Zymomonas mobilis ZM4 utilizes an acetaldehyde dehydrogenase to produce acetate

Zymomonas mobilis is a promising bacterial host for biofuel production but further improvement has been hindered because some aspects of its metabolism remain poorly understood. For example, one of the main byproducts generated by Z. mobilis is acetate but the pathway for acetate production is unknown. Acetaldehyde oxidation has been proposed as the major source of acetate and an acetaldehyde dehydrogenase was previously isolated from Z. mobilis via activity guided fractionation, but the corresponding gene has never been identified. We determined that the locus ZMO1754 (also known as ZMO_RS07890) encodes an NADP+-dependent acetaldehyde dehydrogenase that is responsible for acetate production by Z. mobilis. Deletion of this gene from the chromosome resulted in a growth defect in oxic conditions, suggesting that acetaldehyde detoxification is an important role of acetaldehyde dehydrogenase.
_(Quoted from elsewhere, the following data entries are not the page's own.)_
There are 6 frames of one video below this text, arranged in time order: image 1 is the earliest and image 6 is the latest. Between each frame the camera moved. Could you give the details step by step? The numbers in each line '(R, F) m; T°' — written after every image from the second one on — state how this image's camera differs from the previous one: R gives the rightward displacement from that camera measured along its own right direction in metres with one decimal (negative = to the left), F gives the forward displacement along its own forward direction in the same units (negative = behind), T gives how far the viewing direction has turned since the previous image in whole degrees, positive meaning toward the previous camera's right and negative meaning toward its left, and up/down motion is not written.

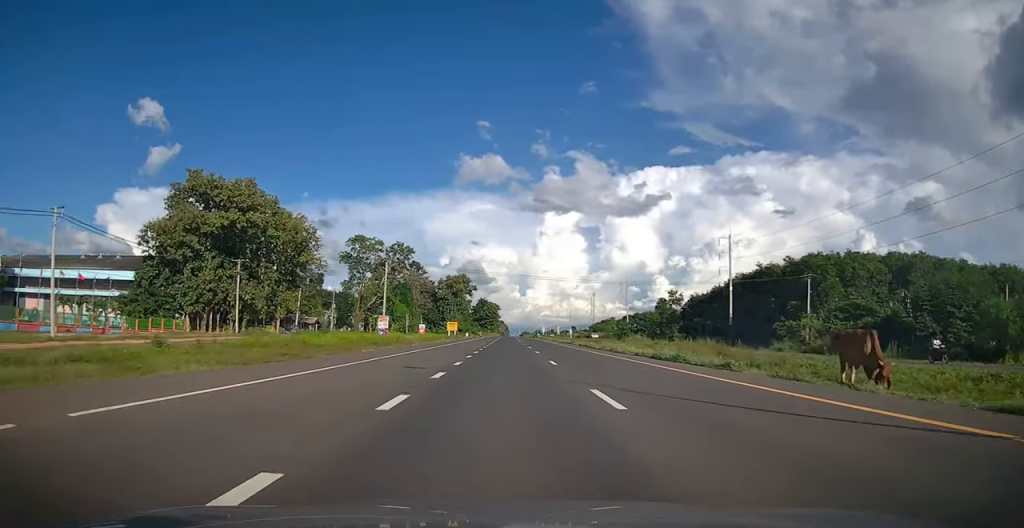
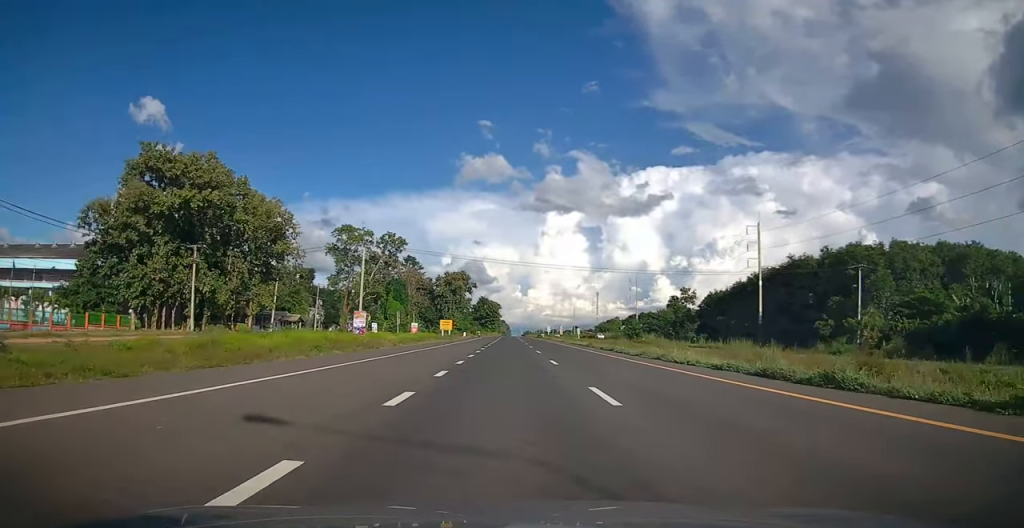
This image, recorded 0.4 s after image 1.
(0.0, +11.6) m; 0°
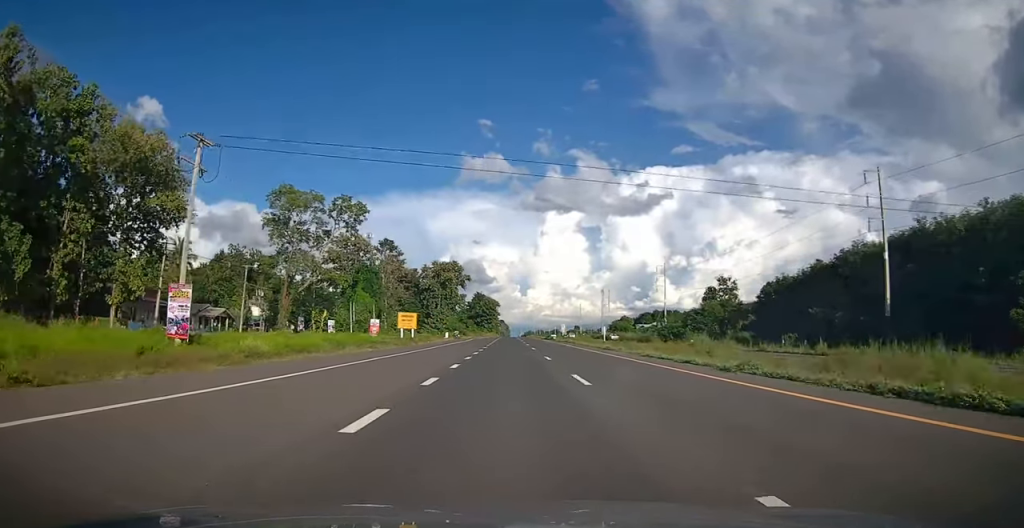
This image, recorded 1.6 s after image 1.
(0.0, +32.4) m; 0°
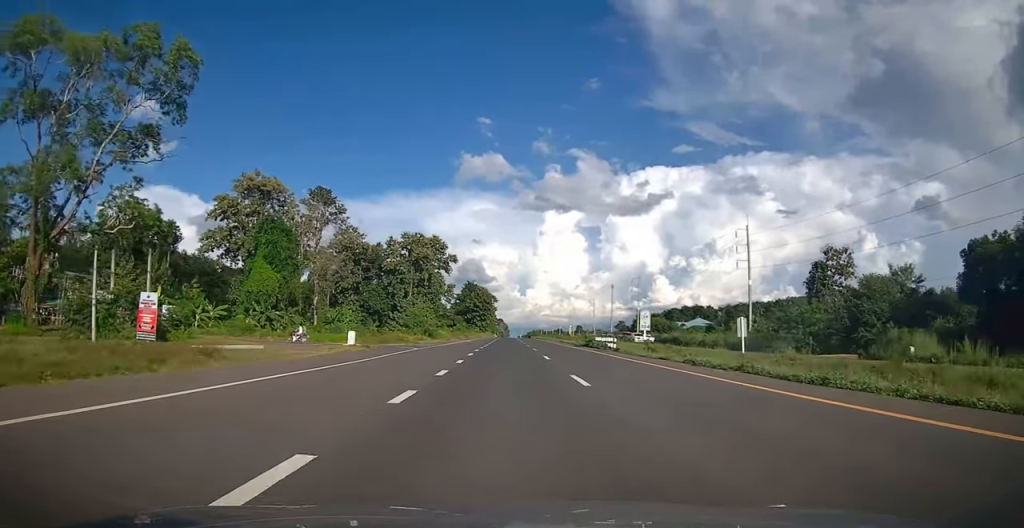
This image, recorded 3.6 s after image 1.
(0.0, +51.4) m; 0°
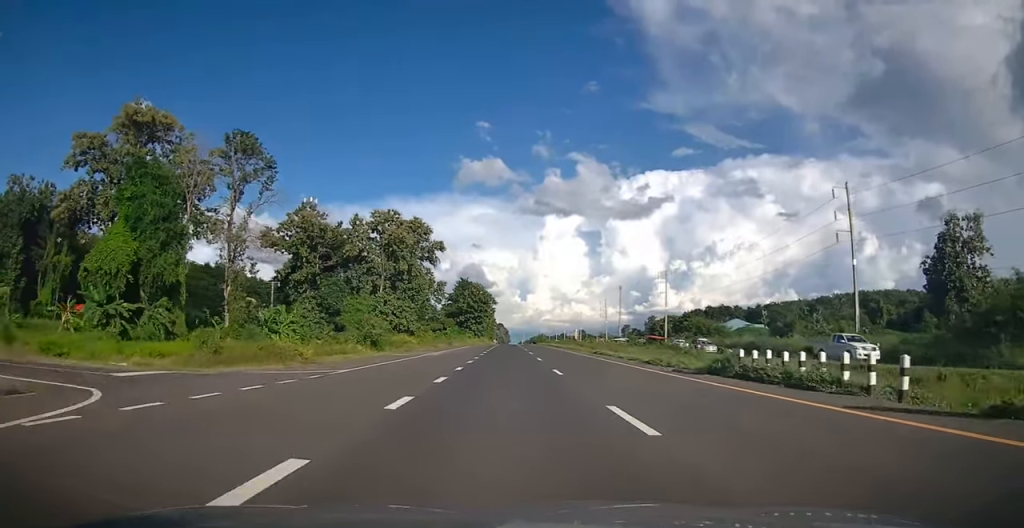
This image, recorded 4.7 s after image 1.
(-0.1, +30.1) m; 0°
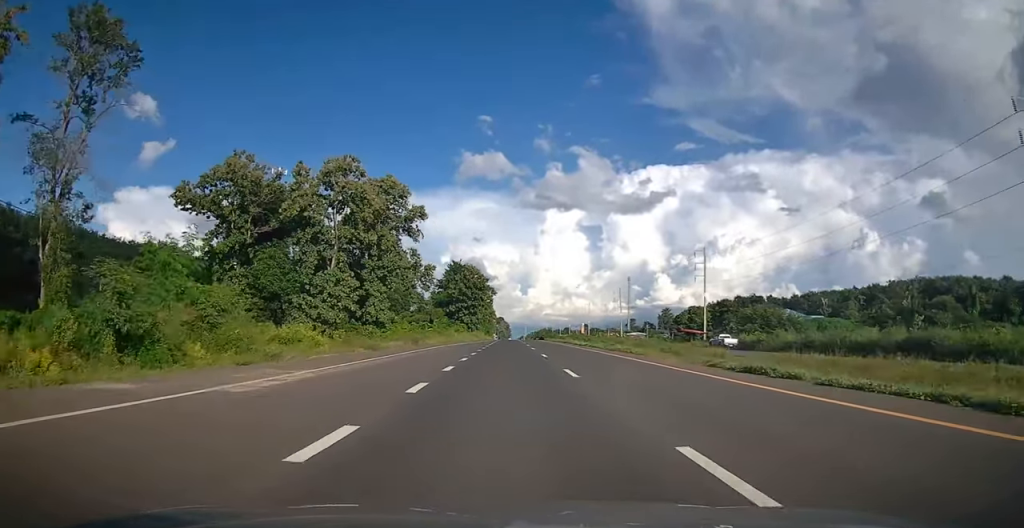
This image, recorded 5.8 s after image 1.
(+0.1, +28.0) m; 0°

The deletion strain also exhibited a near complete abolition of acetate production, both in typical laboratory conditions and during lignocellulosic hydrolysate fermentation. Our results show that ZMO1754 encodes the major acetaldehyde dehydrogenase in Z. mobilis and we therefore rename the gene aldB based on functional similarity to the Escherichia coli acetaldehyde dehydrogenase. ImportanceBiofuel production from non-food crops is an important strategy for reducing carbon emissions from the transportation industry but it has not yet become commercially viable. An important avenue to improve biofuel production is to enhance the characteristics of fermentation organisms by genetic engineering. To make genetic modifications successful, we must gain sufficient information about the genome and metabolism of the organism to enable rational design and engineering. Here, we improved understanding of Zymomonas mobilis, a promising biofuel producing bacterium, by identifying a metabolic pathway and associated gene that lead to byproduct formation. This information may be used in the future for genetic engineering to reduce byproduct formation during biofuel production.